A damp, dark room hidden away in an unknown compound houses a machine that hisses and clanks to keep an imprisoned dark energy at bay... and almost fails! D:

I made this video using UnrealEditor, the same engine used for Unreal Tournament 3 and Gears of War (apparently).  The animations themselves are very simple (compared to what's possible by more seasoned programmers, of course), but considering that this is my first attempt at making a video (and an UT3 level, for that matter) and I did not receive any outside help (minus the research I did to solve some problems).

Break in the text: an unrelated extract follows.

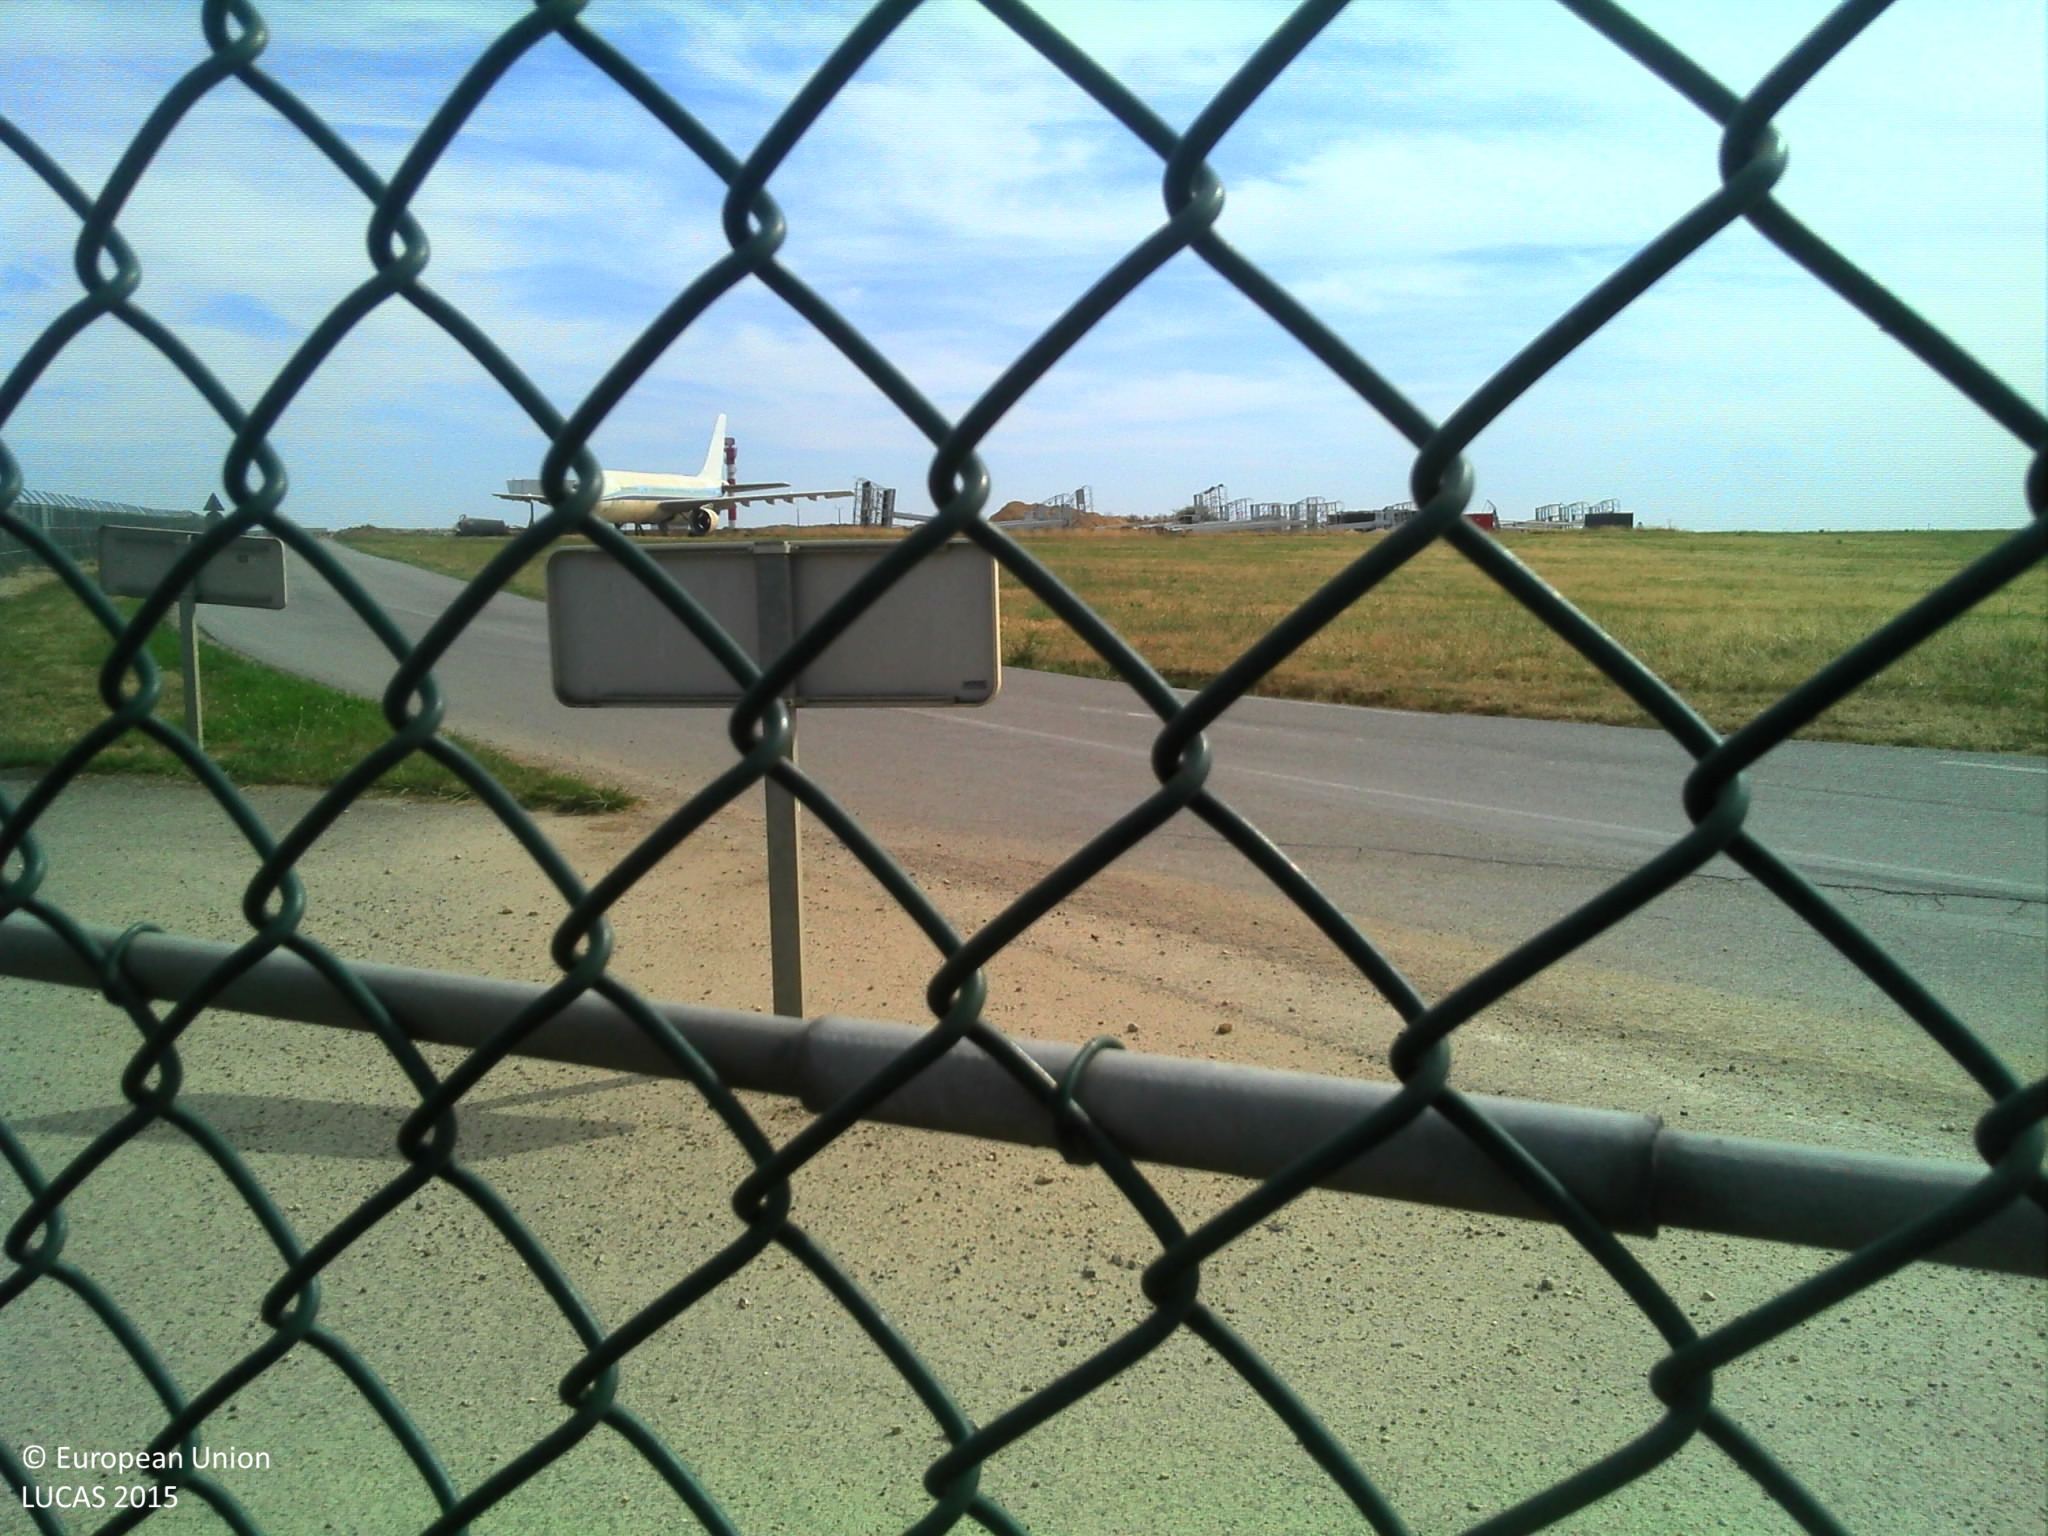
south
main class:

I'm pretty proud of it overall minus all the hic-ups I've had in making it xD  I hope to get some comments from you guys :3 if ya like it, lemme know  if ya hate it, then at least be nice about it x3  Thanks   I also submitted it for link of the day, so I hope it gets picked x3  I'd love to get some publicity on it :3  I'm also considering cutting it down a bit and submitting it to Atari's Make Something Unreal contest where it could be elligable for a $5000 prize, but that's not likely to happen xD


----------



## Rhyrs (Jul 28, 2009)

Very cool. I always love those types of things, and the fact that you did it in UnrealEditor is pretty interesting. Good music too. I hope you get something out of it.


----------



## Lithel (Jul 28, 2009)

That's actually really neat. 
I'm not big on animation, but I rather like it. It managed to creep me out. Not that that's hard to do or anything, but it did, and I consider that good. :'D

The music is really refreshing too. I haven't heard anything like it in a while. I might have to drag it onto my iPod. :3


----------



## RCTFORME (Jul 28, 2009)

you can download it here if ya want:

http://www.rctforme.com/RCTFORME_FrightMachine.mp4

And the song can be found on my website at plain 
http://www.rctforme.com/ 

Thanks for the kind words <3 I really appreciate positive feedback :3 I worked really hard on this video and I'm glad so many people like it <3


----------